Welbanks i Nixon byli zadowoleni, że Madhusudhan i jego zespół odnieśli się do ich zastrzeżeń, ale uważają, że nowa praca w praktyce wycofuje kluczowe twierdzenia z pierwotnego badania z kwietnia, powiedział Welbanks.
“Nowa praca milcząco przyznaje, że wykrycie DMS/DMDS nie było pewne, ale nadal opiera się na tej samej wadliwej metodologii statystycznej i wybiórczym czytaniu wyników” - napisał Welbanks w e-mailu. “Choć ton jest bardziej ostrożny (w niektórych miejscach), metodologia nadal nie ujawnia prawdziwego poziomu niepewności. Istotność statystyczna, o której mowa we wcześniejszych pracach, była wynikiem arbitralnych decyzji modelowych, które nie zostały uwzględnione”.
Luque stwierdził, że nowa praca zespołu z Cambridge to krok w dobrym kierunku, ponieważ bada inne możliwe biosygnatury chemiczne.

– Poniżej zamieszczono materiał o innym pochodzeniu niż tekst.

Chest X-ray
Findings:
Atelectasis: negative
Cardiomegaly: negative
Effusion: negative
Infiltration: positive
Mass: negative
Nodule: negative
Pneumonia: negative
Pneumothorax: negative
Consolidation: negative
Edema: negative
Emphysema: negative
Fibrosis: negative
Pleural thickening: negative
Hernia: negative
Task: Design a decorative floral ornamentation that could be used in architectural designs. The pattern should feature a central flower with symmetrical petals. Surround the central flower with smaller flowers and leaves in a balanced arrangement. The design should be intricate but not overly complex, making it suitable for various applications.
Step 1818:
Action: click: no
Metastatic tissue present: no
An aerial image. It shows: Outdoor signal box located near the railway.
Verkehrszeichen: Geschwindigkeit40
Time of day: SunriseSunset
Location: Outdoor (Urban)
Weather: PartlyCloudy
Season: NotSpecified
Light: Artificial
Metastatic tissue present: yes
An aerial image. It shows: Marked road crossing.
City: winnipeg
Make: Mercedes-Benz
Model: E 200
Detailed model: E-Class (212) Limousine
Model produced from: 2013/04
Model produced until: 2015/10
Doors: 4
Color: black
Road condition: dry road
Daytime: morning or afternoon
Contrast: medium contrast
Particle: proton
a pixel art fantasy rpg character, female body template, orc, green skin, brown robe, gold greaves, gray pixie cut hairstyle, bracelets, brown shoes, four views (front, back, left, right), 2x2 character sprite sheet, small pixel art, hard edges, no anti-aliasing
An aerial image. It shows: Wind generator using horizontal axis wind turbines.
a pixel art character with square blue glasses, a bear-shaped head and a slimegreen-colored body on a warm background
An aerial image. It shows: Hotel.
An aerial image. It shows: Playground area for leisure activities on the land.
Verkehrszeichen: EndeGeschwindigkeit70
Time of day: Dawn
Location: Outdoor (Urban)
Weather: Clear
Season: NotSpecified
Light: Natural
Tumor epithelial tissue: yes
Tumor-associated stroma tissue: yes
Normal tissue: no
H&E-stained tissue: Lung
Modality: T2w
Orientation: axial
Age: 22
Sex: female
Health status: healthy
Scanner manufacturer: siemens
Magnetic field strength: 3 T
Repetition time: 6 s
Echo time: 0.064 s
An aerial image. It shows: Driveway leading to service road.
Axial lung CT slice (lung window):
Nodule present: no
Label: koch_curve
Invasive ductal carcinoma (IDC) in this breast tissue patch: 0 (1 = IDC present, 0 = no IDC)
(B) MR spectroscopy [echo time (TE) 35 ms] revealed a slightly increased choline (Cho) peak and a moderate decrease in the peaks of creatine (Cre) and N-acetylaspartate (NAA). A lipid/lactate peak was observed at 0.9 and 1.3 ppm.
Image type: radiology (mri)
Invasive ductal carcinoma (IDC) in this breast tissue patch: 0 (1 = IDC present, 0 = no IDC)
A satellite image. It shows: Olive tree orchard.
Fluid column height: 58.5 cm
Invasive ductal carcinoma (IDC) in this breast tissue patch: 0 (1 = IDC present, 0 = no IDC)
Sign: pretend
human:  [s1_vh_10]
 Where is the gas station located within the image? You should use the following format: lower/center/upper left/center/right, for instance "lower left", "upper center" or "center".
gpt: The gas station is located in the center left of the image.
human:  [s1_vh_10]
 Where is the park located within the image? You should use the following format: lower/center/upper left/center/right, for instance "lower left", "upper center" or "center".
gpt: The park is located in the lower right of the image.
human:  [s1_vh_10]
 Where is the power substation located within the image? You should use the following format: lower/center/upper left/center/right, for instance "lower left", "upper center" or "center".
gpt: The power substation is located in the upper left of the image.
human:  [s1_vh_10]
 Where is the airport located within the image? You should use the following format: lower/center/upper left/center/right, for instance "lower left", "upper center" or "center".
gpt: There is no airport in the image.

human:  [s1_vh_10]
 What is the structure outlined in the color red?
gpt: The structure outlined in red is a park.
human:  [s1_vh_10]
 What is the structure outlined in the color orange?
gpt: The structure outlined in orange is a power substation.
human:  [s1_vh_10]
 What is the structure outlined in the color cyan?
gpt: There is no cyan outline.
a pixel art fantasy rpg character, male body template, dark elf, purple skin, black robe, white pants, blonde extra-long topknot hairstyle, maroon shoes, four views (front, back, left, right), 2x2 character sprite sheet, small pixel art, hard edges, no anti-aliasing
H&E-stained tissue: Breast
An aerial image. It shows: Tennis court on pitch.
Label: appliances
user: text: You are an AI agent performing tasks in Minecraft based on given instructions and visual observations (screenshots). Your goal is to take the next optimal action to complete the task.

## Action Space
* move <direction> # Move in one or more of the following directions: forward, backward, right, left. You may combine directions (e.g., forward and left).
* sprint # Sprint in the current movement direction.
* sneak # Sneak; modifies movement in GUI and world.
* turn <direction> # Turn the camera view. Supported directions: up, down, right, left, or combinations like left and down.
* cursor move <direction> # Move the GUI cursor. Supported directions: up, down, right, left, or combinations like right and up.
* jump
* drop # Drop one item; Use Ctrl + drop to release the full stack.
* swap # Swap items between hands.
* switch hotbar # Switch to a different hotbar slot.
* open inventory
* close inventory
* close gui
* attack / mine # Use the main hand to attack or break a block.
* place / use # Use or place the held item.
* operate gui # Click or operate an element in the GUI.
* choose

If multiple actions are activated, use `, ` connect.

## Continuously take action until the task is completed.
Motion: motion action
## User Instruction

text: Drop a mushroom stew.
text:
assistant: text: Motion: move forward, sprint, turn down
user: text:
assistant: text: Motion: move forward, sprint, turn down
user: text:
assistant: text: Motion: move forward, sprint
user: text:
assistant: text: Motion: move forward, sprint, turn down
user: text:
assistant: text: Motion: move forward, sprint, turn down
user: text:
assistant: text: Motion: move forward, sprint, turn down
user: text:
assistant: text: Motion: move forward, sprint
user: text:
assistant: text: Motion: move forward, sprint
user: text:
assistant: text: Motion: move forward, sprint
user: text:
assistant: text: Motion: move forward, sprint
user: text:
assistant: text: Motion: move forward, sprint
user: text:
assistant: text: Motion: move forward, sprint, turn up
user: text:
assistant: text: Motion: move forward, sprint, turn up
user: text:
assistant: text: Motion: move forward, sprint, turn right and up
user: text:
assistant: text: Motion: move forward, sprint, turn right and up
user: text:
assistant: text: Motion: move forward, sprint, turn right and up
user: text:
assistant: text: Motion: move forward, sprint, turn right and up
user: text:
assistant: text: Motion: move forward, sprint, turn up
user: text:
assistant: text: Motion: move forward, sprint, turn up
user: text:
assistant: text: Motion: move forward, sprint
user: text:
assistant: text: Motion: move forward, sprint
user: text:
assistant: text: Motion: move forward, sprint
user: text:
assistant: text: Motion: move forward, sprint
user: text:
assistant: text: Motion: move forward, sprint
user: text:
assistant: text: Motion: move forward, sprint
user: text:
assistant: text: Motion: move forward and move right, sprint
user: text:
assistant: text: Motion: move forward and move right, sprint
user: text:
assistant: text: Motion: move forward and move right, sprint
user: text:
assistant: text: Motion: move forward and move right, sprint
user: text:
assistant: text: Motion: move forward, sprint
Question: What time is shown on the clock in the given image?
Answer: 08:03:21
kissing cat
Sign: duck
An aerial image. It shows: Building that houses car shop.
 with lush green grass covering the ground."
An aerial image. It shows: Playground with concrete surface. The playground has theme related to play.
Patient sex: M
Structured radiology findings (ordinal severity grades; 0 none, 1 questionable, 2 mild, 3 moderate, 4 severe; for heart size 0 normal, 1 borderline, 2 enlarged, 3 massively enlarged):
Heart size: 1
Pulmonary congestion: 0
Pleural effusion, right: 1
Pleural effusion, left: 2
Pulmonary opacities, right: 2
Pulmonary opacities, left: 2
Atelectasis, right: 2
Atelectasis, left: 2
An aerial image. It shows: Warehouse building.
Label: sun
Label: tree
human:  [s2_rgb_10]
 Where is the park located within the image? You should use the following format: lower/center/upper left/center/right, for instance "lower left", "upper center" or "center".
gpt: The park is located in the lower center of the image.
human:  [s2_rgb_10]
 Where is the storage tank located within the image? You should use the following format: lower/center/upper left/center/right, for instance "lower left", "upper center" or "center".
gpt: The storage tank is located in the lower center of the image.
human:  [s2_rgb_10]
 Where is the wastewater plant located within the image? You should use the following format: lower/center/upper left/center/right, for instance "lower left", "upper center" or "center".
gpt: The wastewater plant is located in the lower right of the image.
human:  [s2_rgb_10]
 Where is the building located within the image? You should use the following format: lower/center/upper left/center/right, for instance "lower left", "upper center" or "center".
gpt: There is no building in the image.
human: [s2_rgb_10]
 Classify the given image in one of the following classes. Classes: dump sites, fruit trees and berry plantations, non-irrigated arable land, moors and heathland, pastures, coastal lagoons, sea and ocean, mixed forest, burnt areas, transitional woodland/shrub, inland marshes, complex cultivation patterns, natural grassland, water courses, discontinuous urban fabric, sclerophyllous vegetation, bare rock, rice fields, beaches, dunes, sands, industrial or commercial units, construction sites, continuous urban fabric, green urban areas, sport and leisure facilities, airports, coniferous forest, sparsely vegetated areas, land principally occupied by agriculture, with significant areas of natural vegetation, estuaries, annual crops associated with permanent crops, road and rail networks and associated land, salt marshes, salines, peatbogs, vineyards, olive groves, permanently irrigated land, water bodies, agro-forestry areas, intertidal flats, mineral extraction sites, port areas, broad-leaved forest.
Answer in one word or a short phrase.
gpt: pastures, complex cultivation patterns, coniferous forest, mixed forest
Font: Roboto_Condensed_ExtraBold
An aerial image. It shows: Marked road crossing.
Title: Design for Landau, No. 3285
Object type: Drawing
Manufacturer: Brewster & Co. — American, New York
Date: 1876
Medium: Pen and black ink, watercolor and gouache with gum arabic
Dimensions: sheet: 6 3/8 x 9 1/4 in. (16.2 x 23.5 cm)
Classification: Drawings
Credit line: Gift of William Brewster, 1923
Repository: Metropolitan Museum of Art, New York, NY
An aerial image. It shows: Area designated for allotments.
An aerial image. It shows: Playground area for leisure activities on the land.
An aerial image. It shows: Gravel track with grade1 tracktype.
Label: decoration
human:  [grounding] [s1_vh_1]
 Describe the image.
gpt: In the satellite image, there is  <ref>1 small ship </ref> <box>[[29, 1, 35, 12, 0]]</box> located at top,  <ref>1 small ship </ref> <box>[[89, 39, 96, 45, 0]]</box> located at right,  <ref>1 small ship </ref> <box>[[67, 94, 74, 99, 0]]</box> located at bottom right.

“Ale moim zdaniem zakres badania był zbyt wąski” - powiedział. “Wydaje mi się, że zbyt skupili się na odpieraniu argumentów z naszej (Welbanksa) pracy”.
Niezależnie od tego astronomowie badający K2-18b zgadzają się, że dalsze badania tej egzoplanety przyczyniają się do rozwoju nauki.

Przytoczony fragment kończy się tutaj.